Art. 10. Constitui ato de improbidade administrativa que causa lesão ao erário qualquer ação ou omissão, dolosa ou culposa, que enseje perda patrimonial, desvio, apropriação, malbaratamento ou dilapidação dos bens ou haveres das entidades referidas no art. 1º desta lei, e notadamente:
(...)
XI - liberar verba pública sem a estrita observância das normas pertinentes ou influir de qualquer forma para a sua aplicação irregular;
                  
                  Diante de tal cenário, impõe-se reconhecer a responsabilização dos promovidos pelo ato de improbidade apontado, com a consequente imposição das sanções descritas no art. 12, II, da Lei 8.429/1992.
                  Desse modo, definida a responsabilidade dos réus, nos termos da Lei 8.429/1992, cumpre estabelecer as sanções cabíveis no caso concreto, nos moldes do que dispõe a Lei de Improbidade:
                  
Art. 12.  Independentemente das sanções penais, civis e administrativas previstas na legislação específica, está o responsável pelo ato de improbidade sujeito às seguintes cominações, que podem ser aplicadas isolada ou cumulativamente, de acordo com a gravidade do fato: (Redação dada pela Lei nº 12.120, de 2009).
(...)
II - na hipótese do art. 10, ressarcimento integral do dano, perda dos bens ou valores acrescidos ilicitamente ao patrimônio, se concorrer esta circunstância, perda da função pública, suspensão dos direitos políticos de cinco a oito anos, pagamento de multa civil de até duas vezes o valor do dano e proibição de contratar com o Poder Público ou receber benefícios ou incentivos fiscais ou creditícios, direta ou indiretamente, ainda que por intermédio de pessoa jurídica da qual seja sócio majoritário, pelo prazo de cinco anos;
                  
                  É imperioso ter em mente os precedentes emanados do Superior Tribunal de Justiça sobre a matéria, orientando a aplicação das penas na exata proporção da gravidade dos atos praticados. Nesse sentido, veja-se:
                  
PROCESSUAL CIVIL. AÇÃO DE IMPROBIDADE. TIPICIDADE DA CONDUTA. APLICAÇÃO DA PENA. INVIABILIDADE DA SIMPLES DISPENSA DA SANÇÃO. 1. Reconhecida a ocorrência de fato que tipifica improbidade administrativa, cumpre ao juiz aplicar a correspondente sanção.

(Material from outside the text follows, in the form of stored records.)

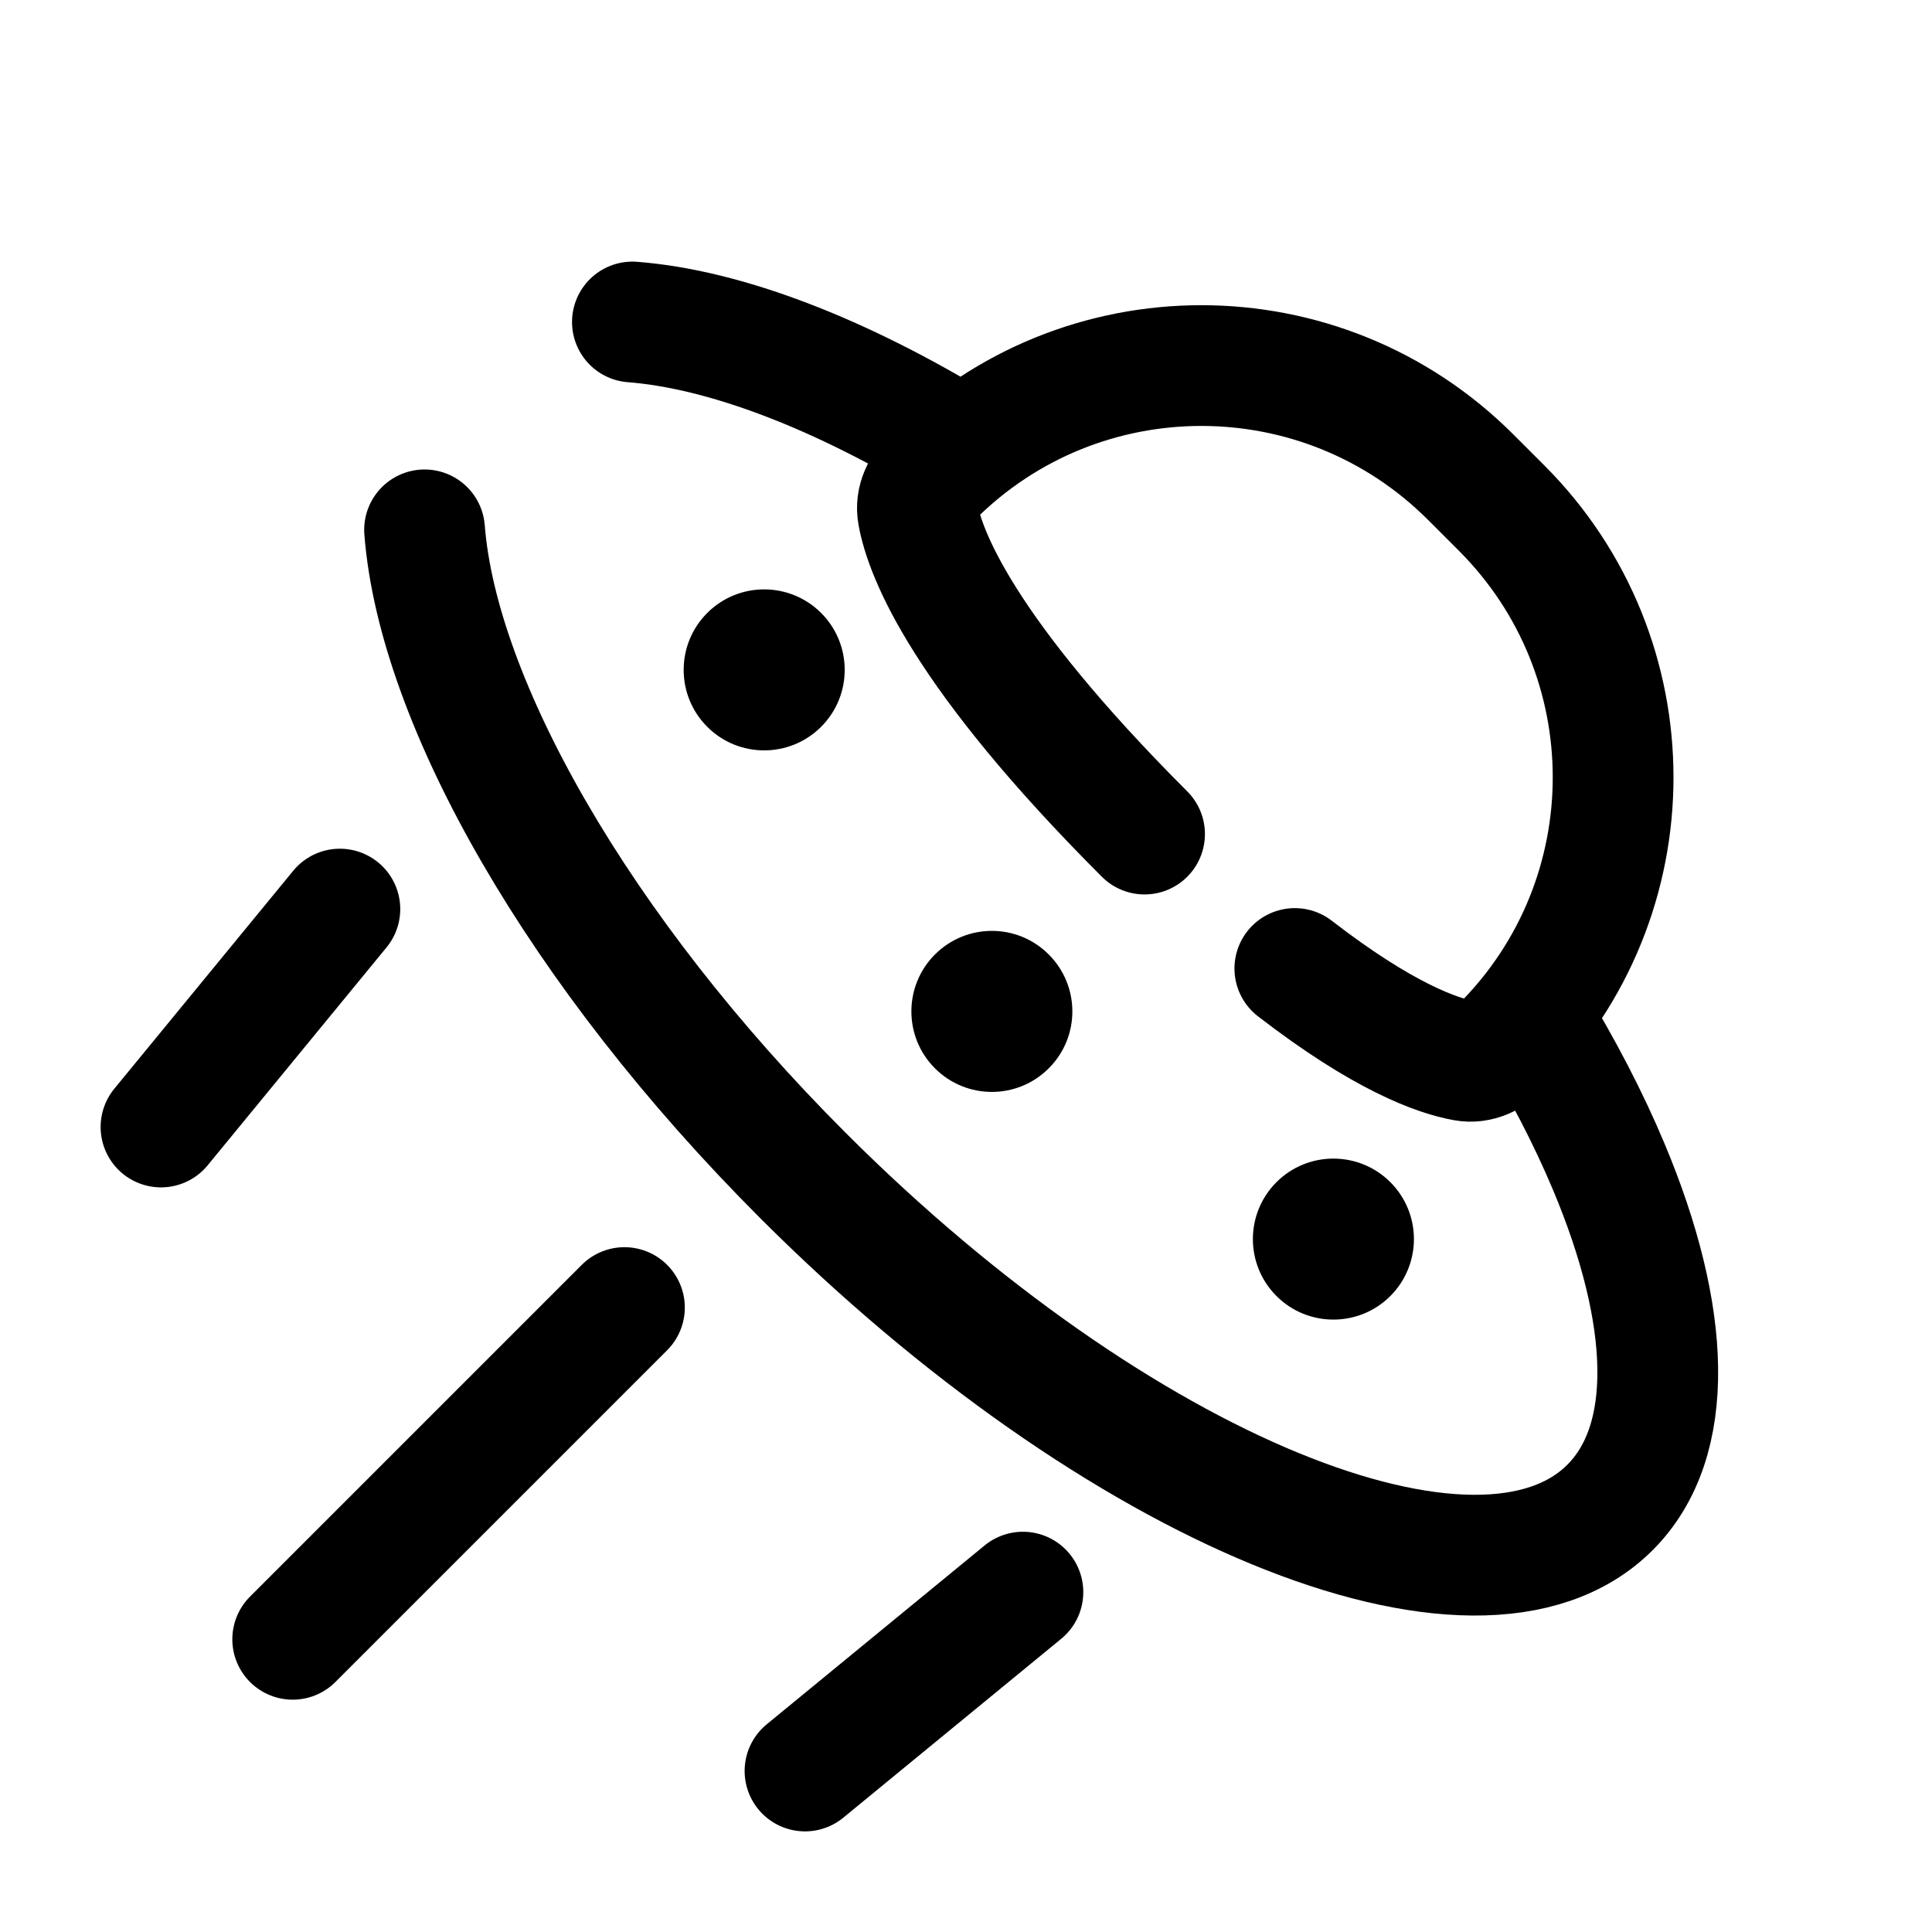 <svg width="24" height="24" viewBox="0 0 24 24" fill="none" xmlns="http://www.w3.org/2000/svg">
<path d="M3.636 20.364L7.757 16.243" stroke="black" stroke-width="1.5" stroke-linecap="round"/>
<path d="M10 22L12.707 19.778" stroke="black" stroke-width="1.5" stroke-linecap="round"/>
<path d="M2 14L4.222 11.293" stroke="black" stroke-width="1.5" stroke-linecap="round"/>
<path d="M7.856 4C9.005 4.089 10.435 4.636 11.947 5.56M5.274 6.582C5.439 8.713 7.179 11.807 9.976 14.604C13.882 18.51 18.37 20.356 20 18.726C20.826 17.9 20.76 16.342 19.986 14.497C19.736 13.9 19.412 13.274 19.02 12.633M14.218 10.361C11.962 8.105 11.492 6.883 11.403 6.387C11.371 6.212 11.455 6.051 11.581 5.926C13.427 4.079 16.422 4.08 18.269 5.927L18.653 6.311C20.5 8.158 20.501 11.152 18.654 12.999C18.529 13.125 18.367 13.209 18.193 13.177C17.856 13.117 17.185 12.881 16.085 12.031" stroke="black" stroke-width="1.5" stroke-linecap="round"/>
<path d="M13.028 13.271C12.638 13.662 12.005 13.662 11.614 13.271C11.224 12.881 11.224 12.248 11.614 11.857C12.005 11.466 12.638 11.466 13.028 11.857C13.419 12.248 13.419 12.881 13.028 13.271Z" fill="black"/>
<path d="M10.2 9.029C9.809 9.419 9.176 9.419 8.786 9.029C8.395 8.638 8.395 8.005 8.786 7.614C9.176 7.224 9.809 7.224 10.2 7.614C10.591 8.005 10.591 8.638 10.2 9.029Z" fill="black"/>
<path d="M17.271 16.1C16.881 16.49 16.247 16.49 15.857 16.1C15.466 15.709 15.466 15.076 15.857 14.685C16.247 14.295 16.881 14.295 17.271 14.685C17.662 15.076 17.662 15.709 17.271 16.1Z" fill="black"/>
</svg>
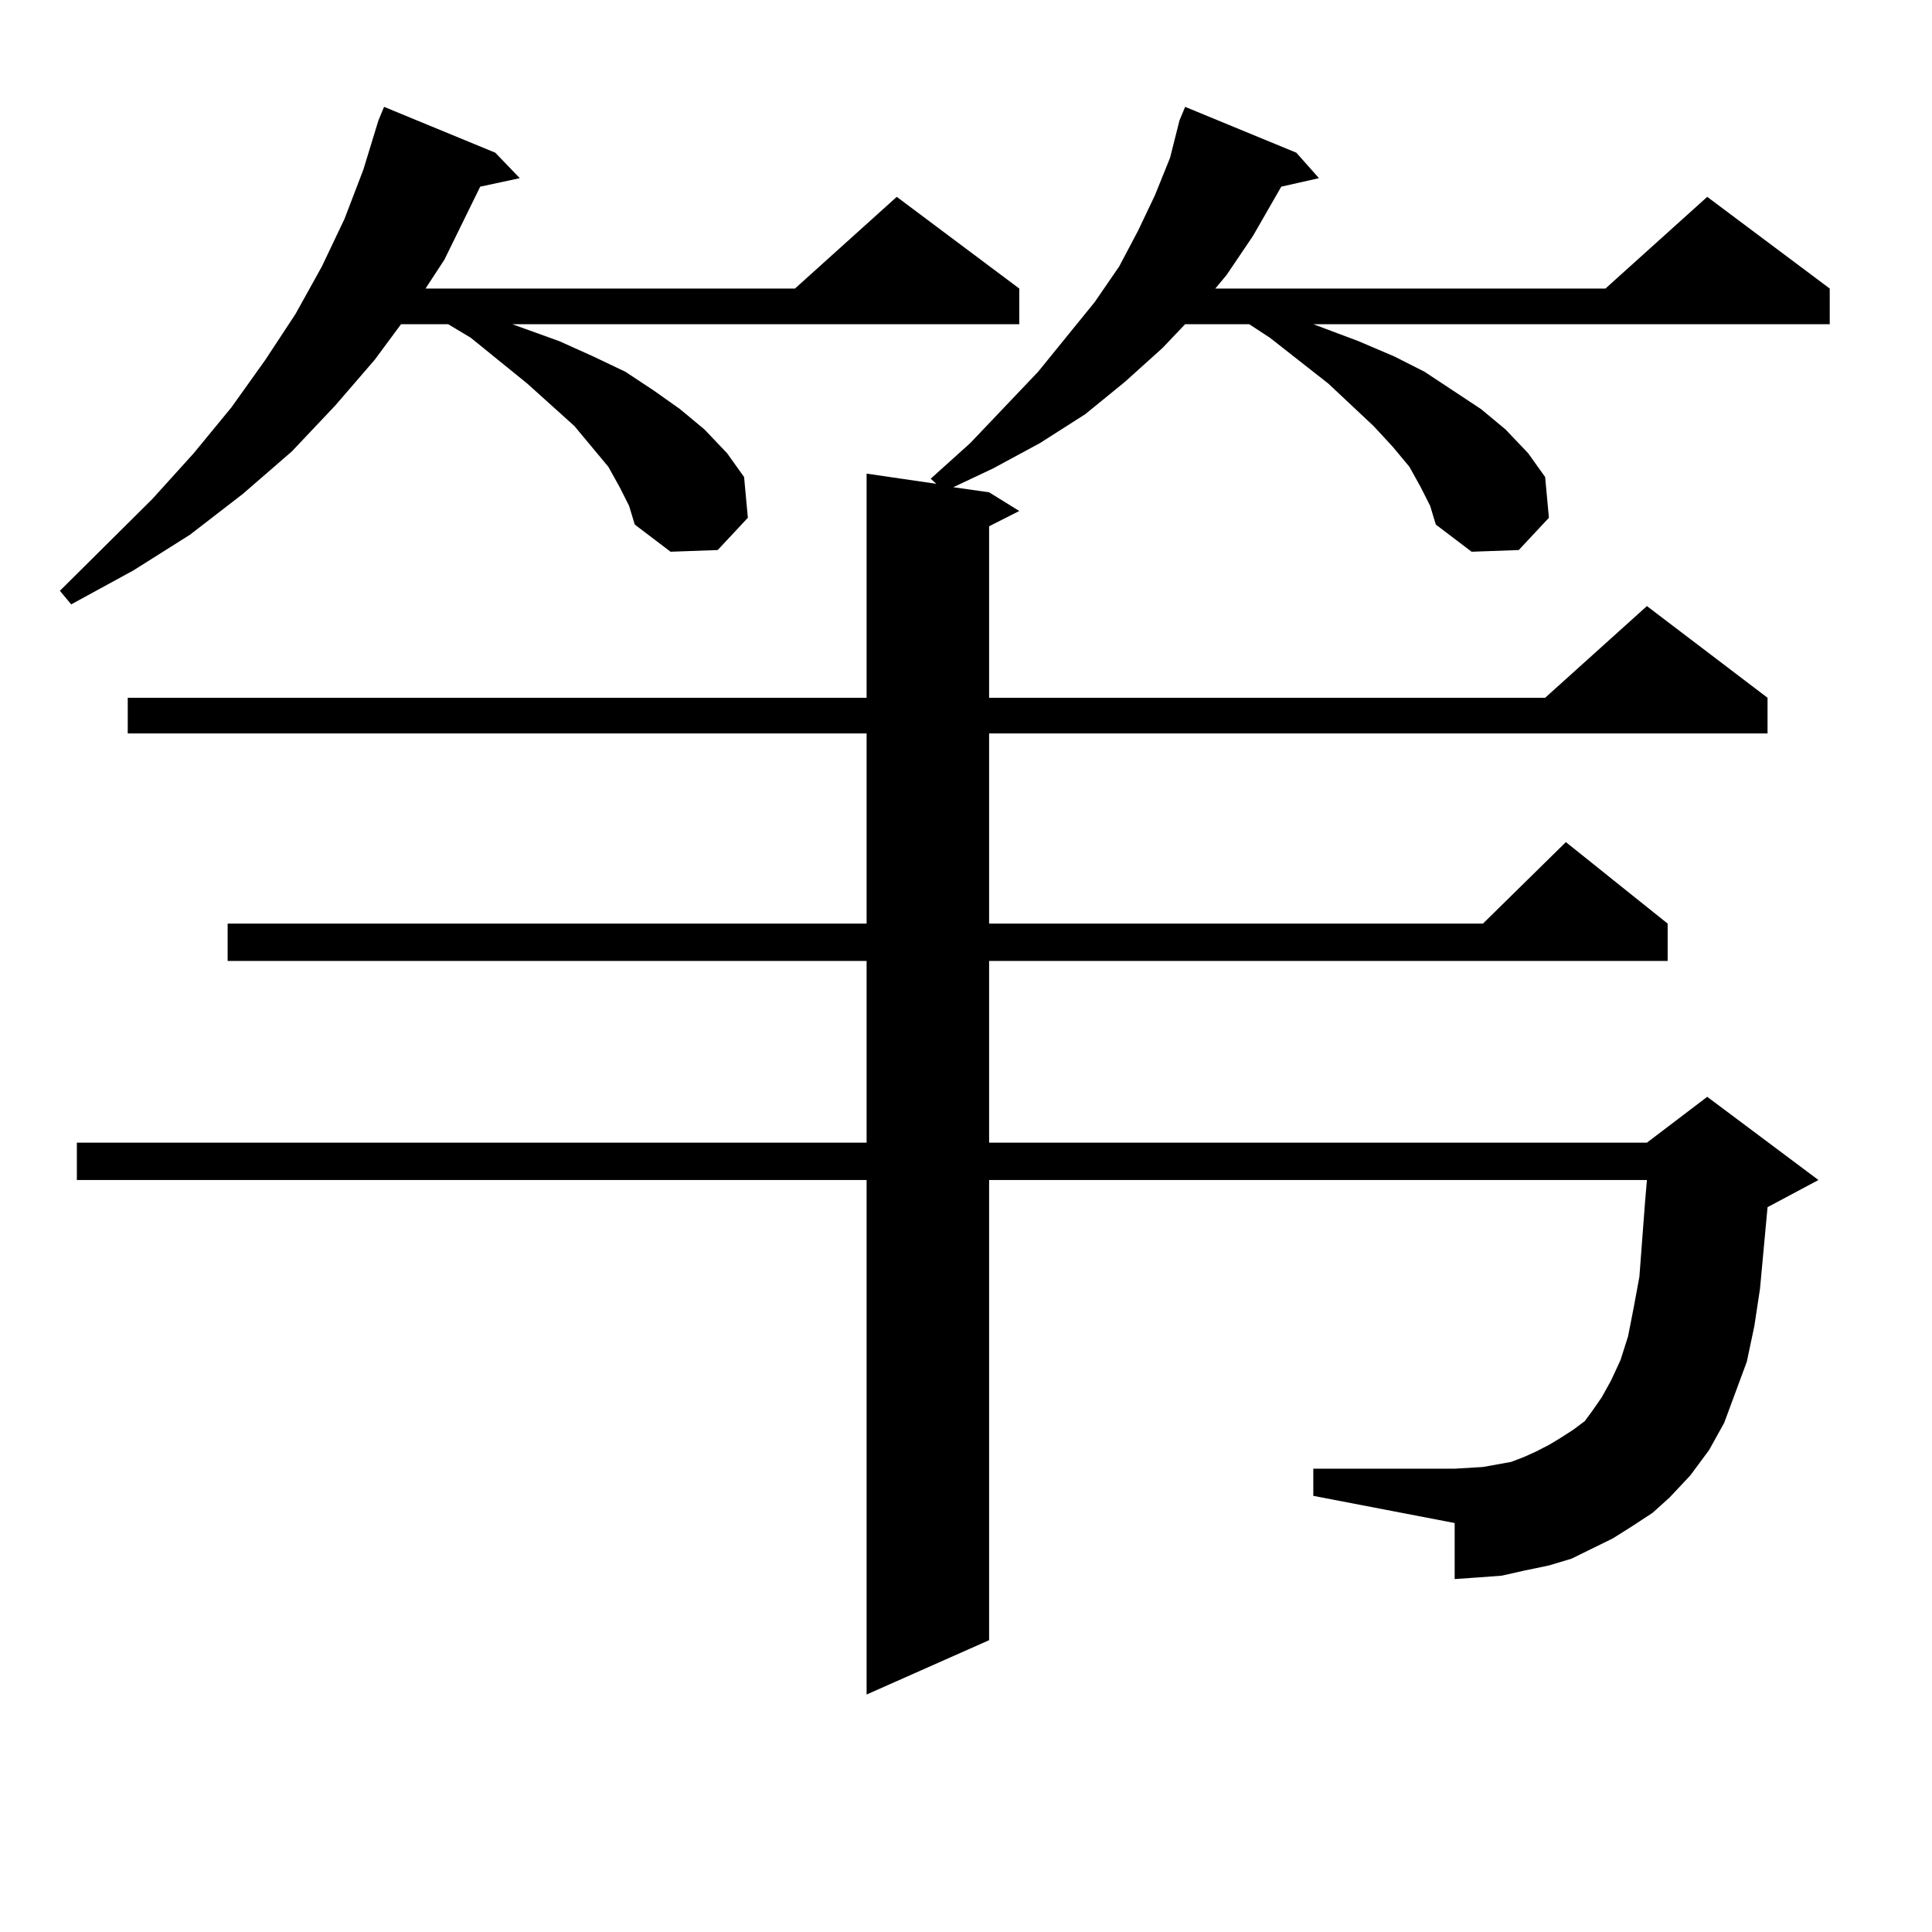<?xml version="1.0" encoding="utf-8"?>
<!-- Generator: Adobe Illustrator 16.0.0, SVG Export Plug-In . SVG Version: 6.00 Build 0)  -->
<!DOCTYPE svg PUBLIC "-//W3C//DTD SVG 1.1//EN" "http://www.w3.org/Graphics/SVG/1.1/DTD/svg11.dtd">
<svg version="1.1" id="图层_1" xmlns="http://www.w3.org/2000/svg" xmlns:xlink="http://www.w3.org/1999/xlink" x="0px" y="0px"
	 width="1000px" height="1000px" viewBox="0 0 1000 1000" enable-background="new 0 0 1000 1000" xml:space="preserve">
<path d="M320.748,252.18l-5.854-10.547l-8.78-10.547l-8.78-10.547l-24.39-21.973l-29.268-23.73l-11.707-7.031h-24.39l-13.658,18.457
	l-20.487,23.73l-22.438,23.73l-25.365,21.973l-27.316,21.094l-29.268,18.457l-32.194,17.578l-5.854-7.031l47.804-47.461
	l21.463-23.73l19.512-23.73l17.561-24.609l15.609-23.73l13.658-24.609l11.707-24.609l9.756-25.488l7.805-25.488l2.927-7.031
	l57.56,23.73l12.683,13.184l-20.487,4.395l-18.536,37.793l-9.756,14.941h191.215l52.682-47.461l63.413,47.461v18.457H265.14
	l24.39,8.789l17.561,7.91l16.585,7.91l14.634,9.668l13.658,9.668l12.683,10.547l11.707,12.305l8.78,12.305L387.088,268
	l-15.609,16.699l-24.39,0.879l-18.536-14.063l-2.927-9.668L320.748,252.18z M735.372,252.18l-5.854-10.547l-8.78-10.547
	l-9.756-10.547l-23.414-21.973l-30.243-23.73l-10.731-7.031h-33.17l-11.707,12.305l-19.512,17.578l-20.487,16.699l-23.414,14.941
	l-24.39,13.184l-20.487,9.668l18.536,2.637l15.609,9.668l-15.609,7.91v88.77h287.798l52.682-47.461l62.438,47.461v18.457H511.963
	v98.438h255.604l42.926-42.188l52.682,42.188v19.336H511.963v94.043h340.479l31.219-23.73l57.56,43.066l-26.341,14.063
	l-1.951,21.094l-1.951,21.094l-2.927,19.336l-3.902,18.457l-5.854,15.82l-5.854,15.82l-7.805,14.063l-9.756,13.184l-10.731,11.426
	l-8.78,7.91l-10.731,7.031l-9.756,6.152l-10.731,5.273l-10.731,5.273l-11.707,3.516l-12.683,2.637l-11.707,2.637l-11.707,0.879
	l-12.683,0.879v-29.004l-73.169-14.063v-14.063h73.169l14.634-0.879l14.634-2.637l6.829-2.637l5.854-2.637l6.829-3.516l5.854-3.516
	l6.829-4.395l5.854-4.395l3.902-5.273l4.878-7.031l4.878-8.789l4.878-10.547l3.902-12.305l2.927-14.941l2.927-15.82l2.927-38.672
	l0.976-11.426H511.963v238.184l-63.413,28.125V610.773H39.779v-19.336H448.55v-94.043H117.826v-19.336H448.55v-98.438H66.12v-18.457
	h382.43V245.148l36.097,5.273l-2.927-2.637l20.487-18.457l35.121-36.914l29.268-36.035l12.683-18.457l9.756-18.457l8.78-18.457
	l7.805-19.336l4.878-19.336l2.927-7.031l57.56,23.73l11.707,13.184l-19.512,4.395l-14.634,25.488l-13.658,20.215l-5.854,7.031
	h201.946l52.682-47.461l63.413,47.461v18.457H679.764l23.414,8.789l18.536,7.91l15.609,7.91l14.634,9.668l14.634,9.668
	l12.683,10.547l11.707,12.305l8.78,12.305L801.712,268l-15.609,16.699l-24.39,0.879l-18.536-14.063l-2.927-9.668L735.372,252.18z"/>
</svg>

Para tal efeito, não está obrigado a aplicar cumulativamente todas as penas previstas no art. 12 da Lei 8.429/92, podendo, mediante adequada fundamentação, fixá-las e dosá-las segundo a natureza, a gravidade e as conseqüências da infração, individualizando-as, se for o caso, sob os princípios do direito penal. O que não se compatibiliza com o direito é simplesmente dispensar a aplicação da pena em caso de reconhecida ocorrência da infração. 2. Recurso especial provido para o efeito de anular o acórdão recorrido.
(STJ - RESP 513576, 1ª T, Rel. Min.  Francisco Falcão, DJ 06/03/2006, p. 164)
                  
                  Com efeito, na imposição das sanções cominadas na lei em realce, deve o juiz atender ao determinado no parágrafo único do seu art. 12, que estatui:
                  
Art. 12 (...)
Parágrafo único. Na fixação das penas previstas nesta Lei o juiz levará em conta a extensão do dano causado, assim como o proveito patrimonial obtido pelo agente.
                  
                  Do cotejamento das provas que instruem os autos, aliado às razões expostas, tem-se como adequada e proporcional a condenação dos réus FRANCISCO LEITE GUIMARÃES NUNES, AGENOR GOMES DE ARAÚJO NETO e CGA - CONSTRUTORA GOMES DE ARAÚJO LTDA., solidariamente, ao ressarcimento aos cofres da FUNASA do prejuízo causado, que alcançou o montante de R$ 437.715,26 (correspondente a 18,60% dos recursos repassados e não aplicados na execução do objeto), não atualizado (fl. 957 do Volume V). Na ação de improbidade, de natureza sancionatória, não há que se falar em devolução integral do dinheiro do convênio, haja vista que a obra foi parcialmente executada.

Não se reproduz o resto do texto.